2 of 2 people found the following review helpful:
5.0 out of 5 stars Thrilling Near-Future Noir, 4 Oct 2010
This review is from: Damage Time (Paperback)
I picked up Damage Time since I loved Colin Harvey's debut novel Winter Song so much. And I am more impressed than ever with his craftmanship this is a totally different kind of story.

Damage Time is a classic noir at first glance. Detective Pervez (Pete) Shah is drinking in a bar when gorgeous dame Aurora Debonis enters in need of his help and after a night in his place she disappears and a body is found. It has some of the classic themes of the genre `The Setup', `The Fame Fatale' and `The Boss', but there is so much more to the story and Colin does a good job in making it all come alive.
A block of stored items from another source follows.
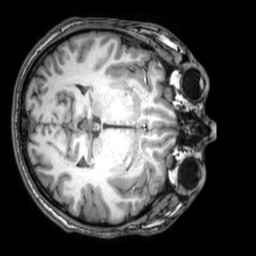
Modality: T1w
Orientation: axial
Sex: male
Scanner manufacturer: philips
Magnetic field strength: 3 T
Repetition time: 0.008145 s
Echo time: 0.00373 s

Much of this story centers on memory reading or memory ripping technology. Pete is an expert at finding subtle clues in memory recordings. He is the best Memory Association Specialist in the NYPD. New kind of criminals use the technology to erase memories of their crimes from their victims and then selling selected parts on the Web. The mind changing technology also made me reflect a great deal on what makes a personality and what makes ones identity because here it gets a bit fluid. It made me think, I like that in a book.

The protagonist Pete is getting a bit long in the tooth for the kind of work he does but he does it well. Being a bit older is something I can relate to and it is also a refreshing change from the usual twenty-something.

I am impressed by the vivid and subtle world building. Colin uses small strokes to paint a big canvas indeed. There is no info dumps in this story.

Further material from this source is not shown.